%%

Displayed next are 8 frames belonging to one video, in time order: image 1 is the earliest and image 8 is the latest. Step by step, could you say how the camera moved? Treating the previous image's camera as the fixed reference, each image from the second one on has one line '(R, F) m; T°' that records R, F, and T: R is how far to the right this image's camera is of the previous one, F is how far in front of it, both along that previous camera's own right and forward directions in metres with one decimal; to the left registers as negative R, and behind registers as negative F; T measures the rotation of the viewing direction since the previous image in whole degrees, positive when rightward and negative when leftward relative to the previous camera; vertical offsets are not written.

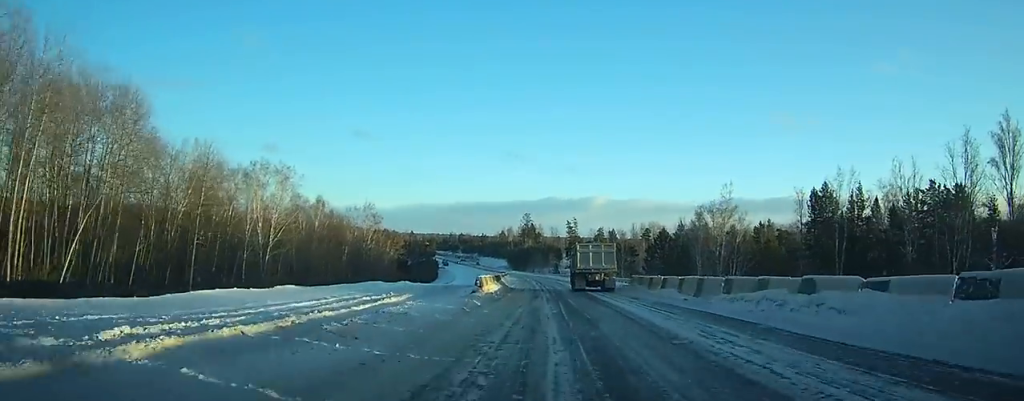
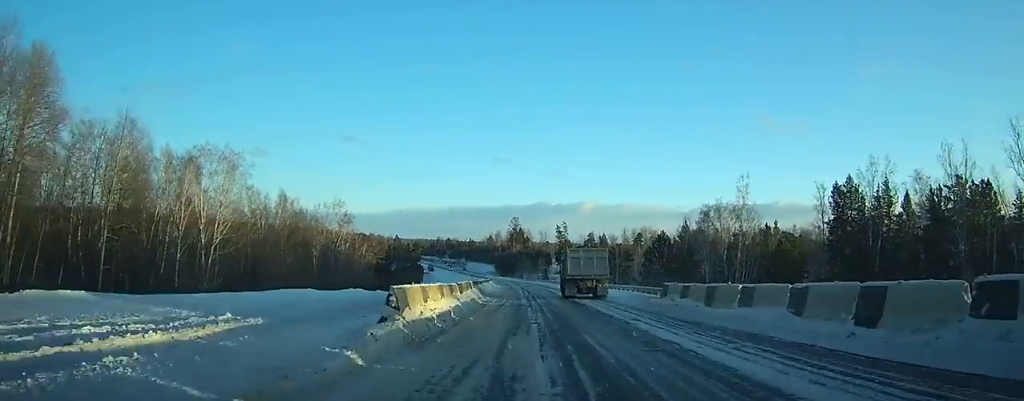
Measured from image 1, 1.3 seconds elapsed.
(0.0, +12.8) m; 0°
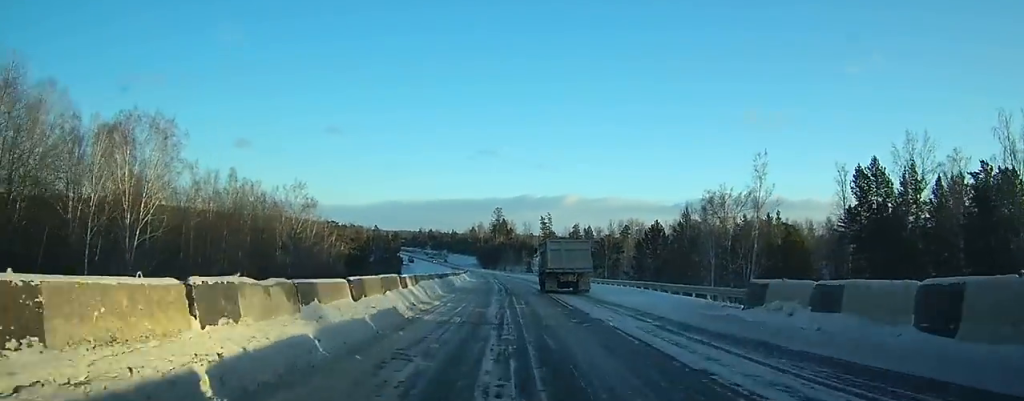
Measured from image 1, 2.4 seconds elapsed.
(0.0, +12.0) m; 0°
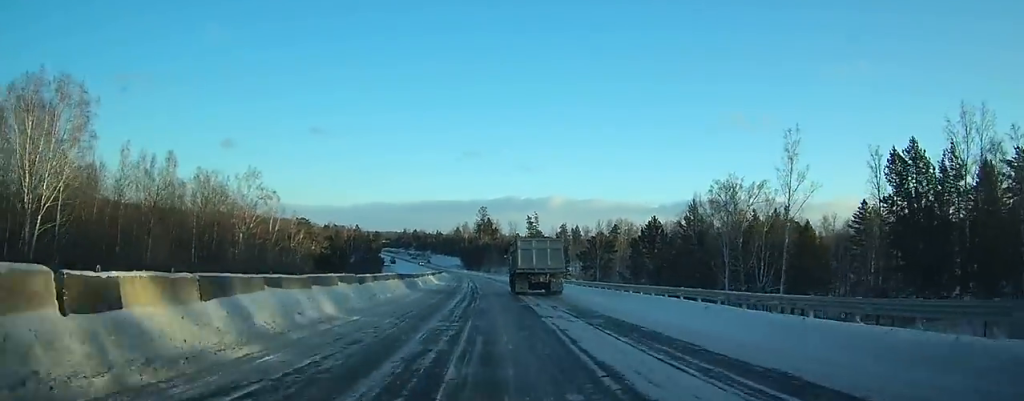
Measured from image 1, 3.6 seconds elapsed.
(0.0, +13.4) m; 0°
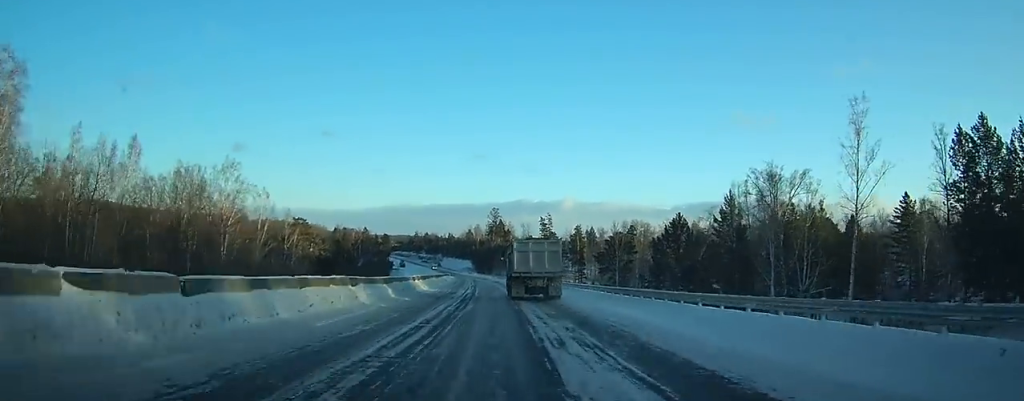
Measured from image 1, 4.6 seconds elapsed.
(0.0, +11.5) m; 0°
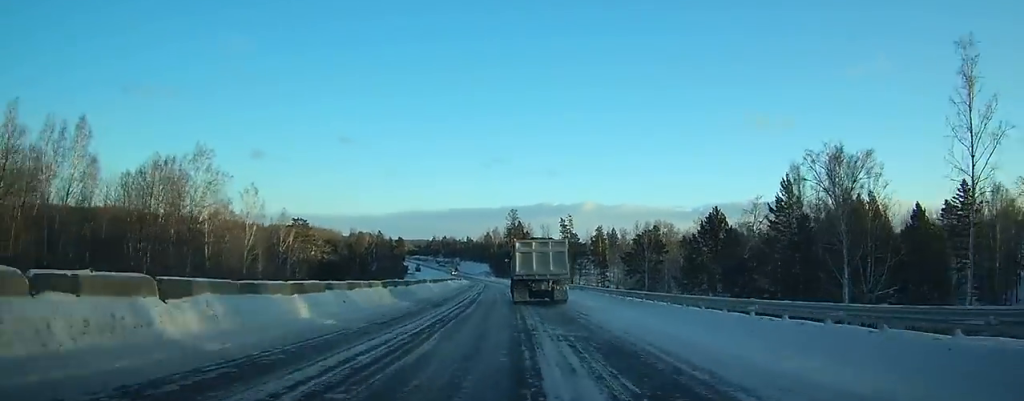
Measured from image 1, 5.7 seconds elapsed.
(+0.1, +12.5) m; 0°
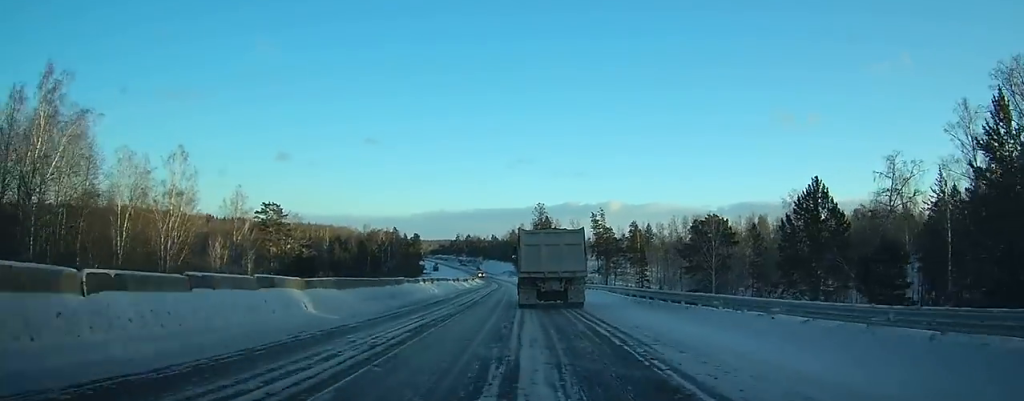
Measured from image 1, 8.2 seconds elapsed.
(-0.5, +30.0) m; -2°
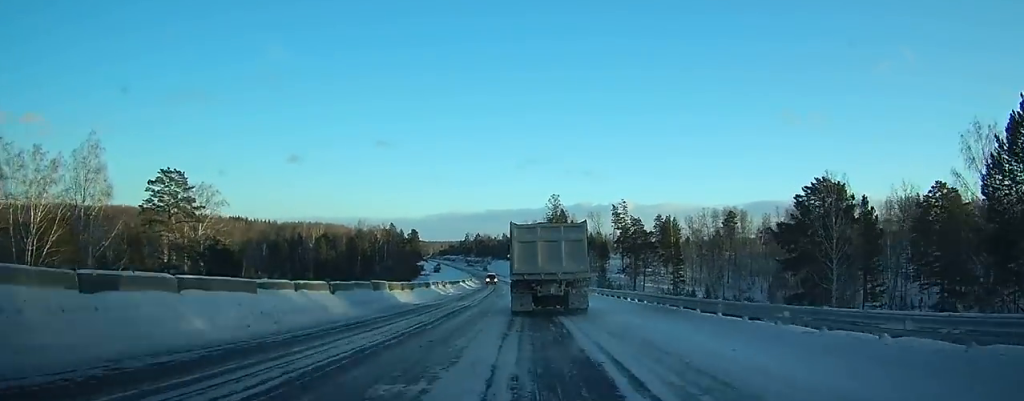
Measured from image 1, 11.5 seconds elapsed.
(-0.5, +38.6) m; -2°

%%

● ACTIVITY
Your answer should be the lines from the line containing "Measured from image 1, 5.7 seconds elapsed." through the end of the listing above, output exactly and alone, without the pictures.

● SOLUTION BELOW
Measured from image 1, 5.7 seconds elapsed.
(+0.1, +12.5) m; 0°
Measured from image 1, 8.2 seconds elapsed.
(-0.5, +30.0) m; -2°
Measured from image 1, 11.5 seconds elapsed.
(-0.5, +38.6) m; -2°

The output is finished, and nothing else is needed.